:: ASSIGNED TASK ::
Leaving out the images, reproduce every line of the data that follows exactly.

:: SOURCE DATA ::
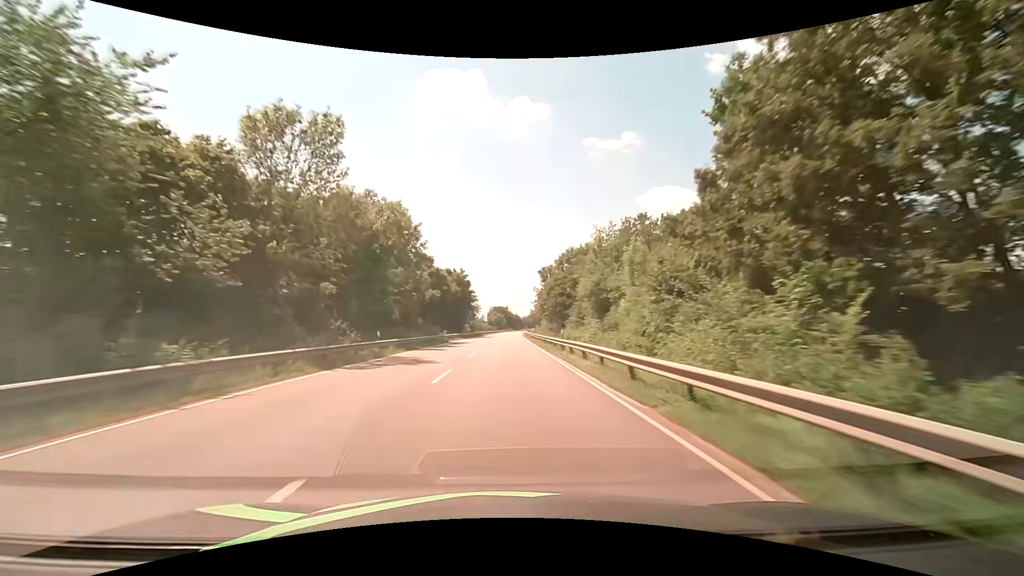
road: primary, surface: asphalt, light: Day
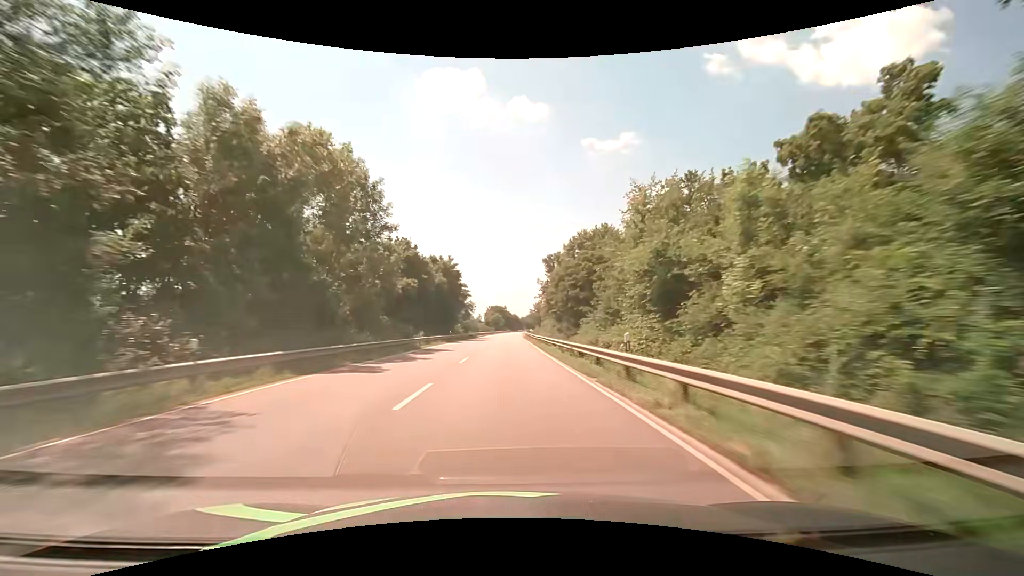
(+0.1, +15.8) m; 0°
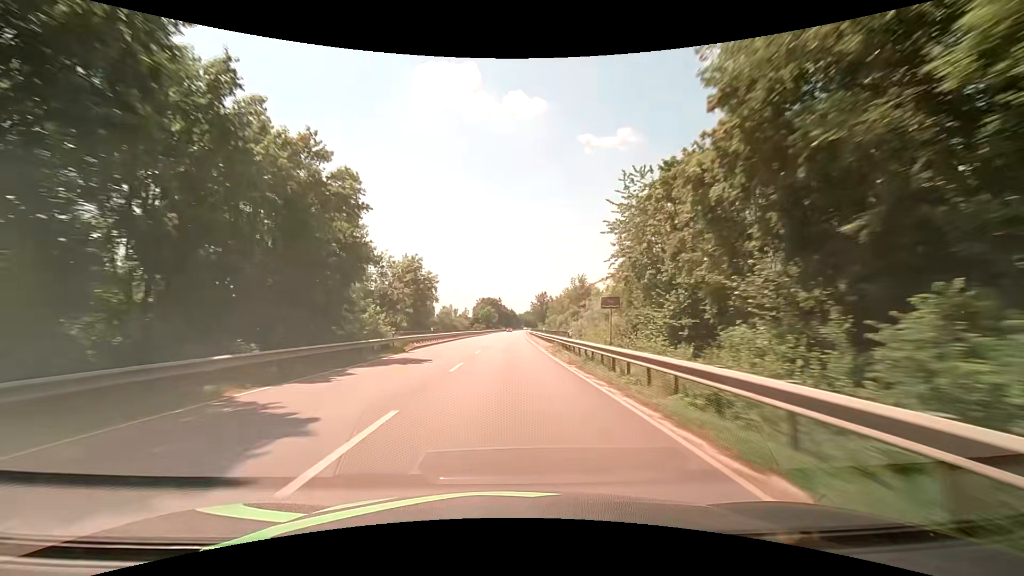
(+0.2, +63.1) m; 0°
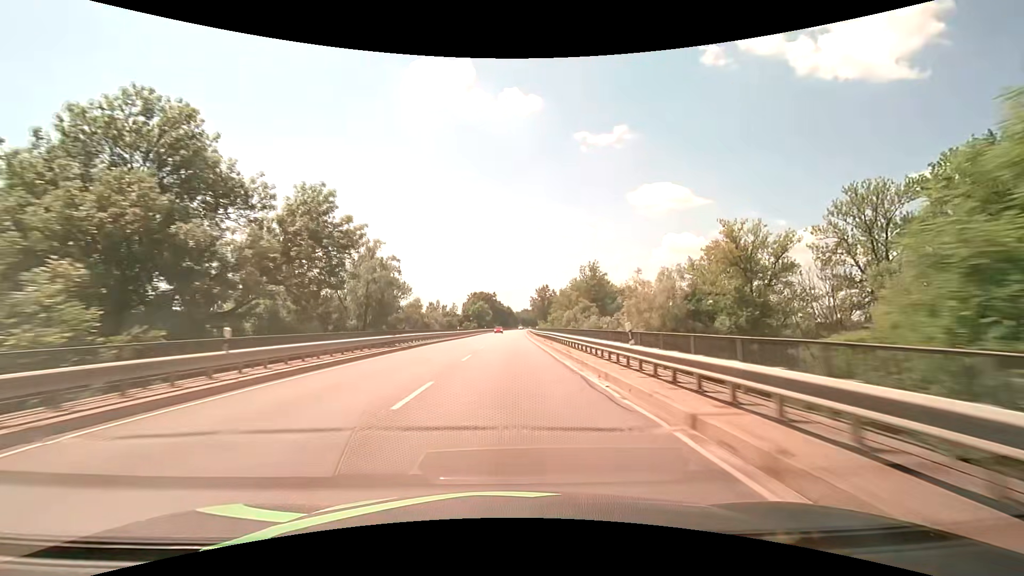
(+0.1, +31.6) m; 0°
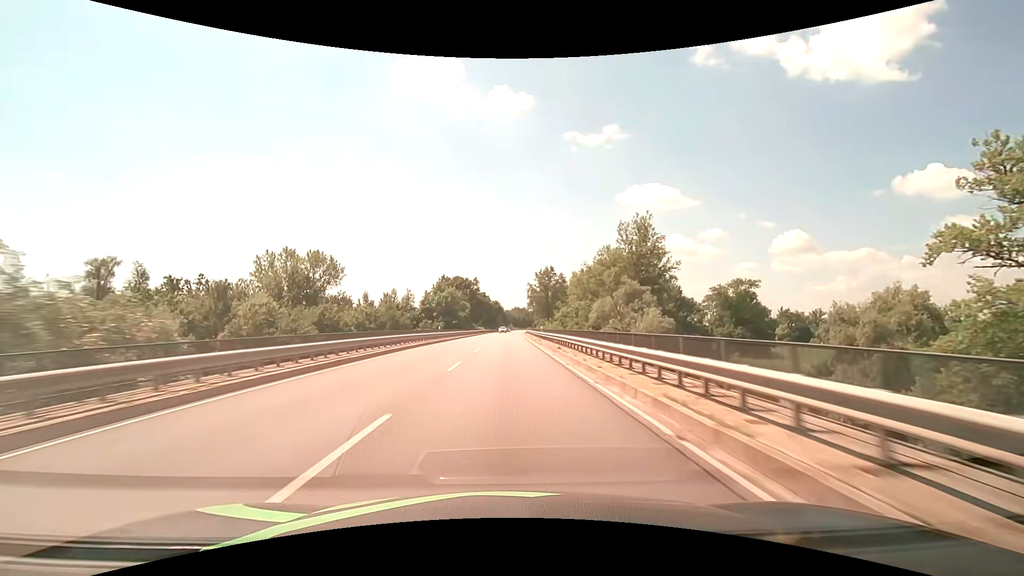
(+0.7, +63.2) m; +1°
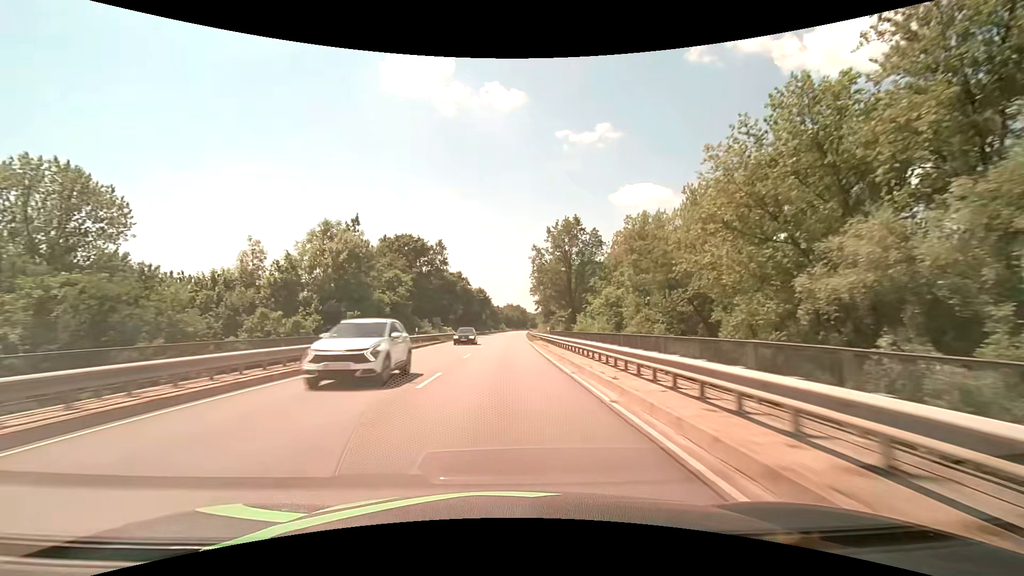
(+0.7, +63.2) m; +1°
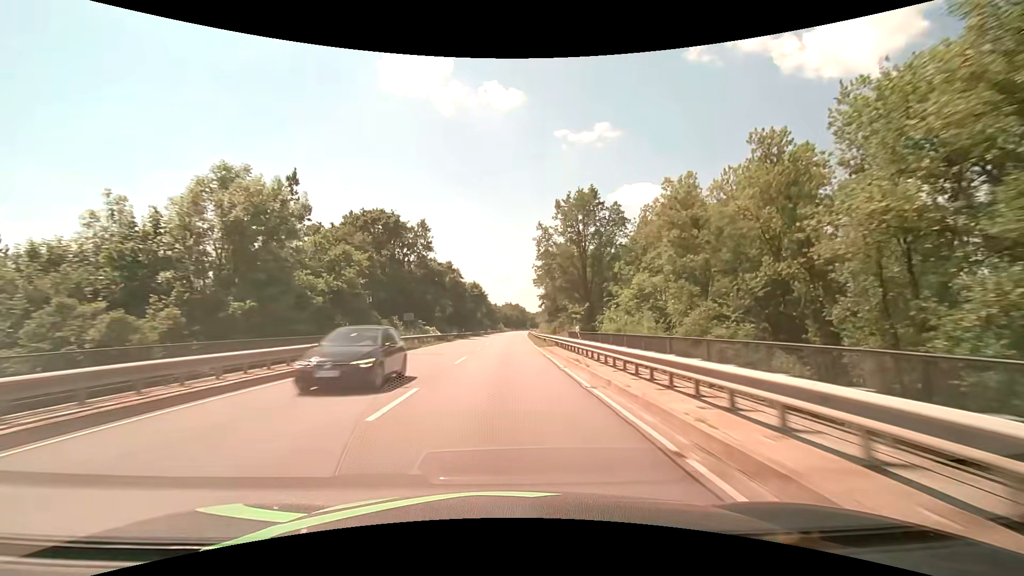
(0.0, +15.8) m; 0°
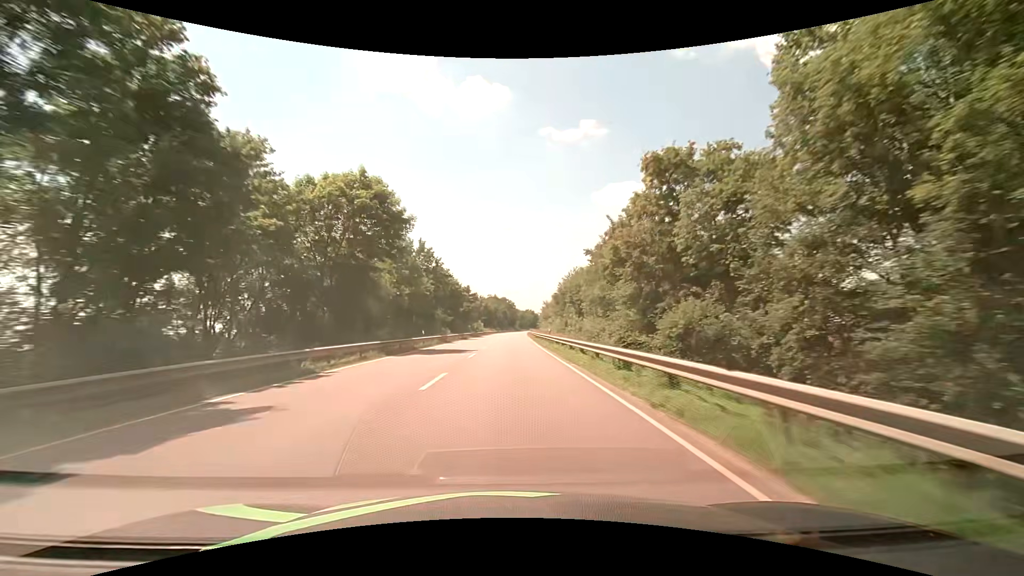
(+1.0, +79.0) m; +2°
(0, +10) (0, +20) (0, +30) (0, +40) (0, +50) (+1, +60) (+1, +70) (+1, +80) (+1, +90) (+2, +100) m

:: EXERCISE SOLUTION ::
road: primary, surface: asphalt, light: Day
(+0.1, +15.8) m; 0°
(+0.2, +63.1) m; 0°
(+0.1, +31.6) m; 0°
(+0.7, +63.2) m; +1°
(+0.7, +63.2) m; +1°
(0.0, +15.8) m; 0°
(+1.0, +79.0) m; +2°
(0, +10) (0, +20) (0, +30) (0, +40) (0, +50) (+1, +60) (+1, +70) (+1, +80) (+1, +90) (+2, +100) m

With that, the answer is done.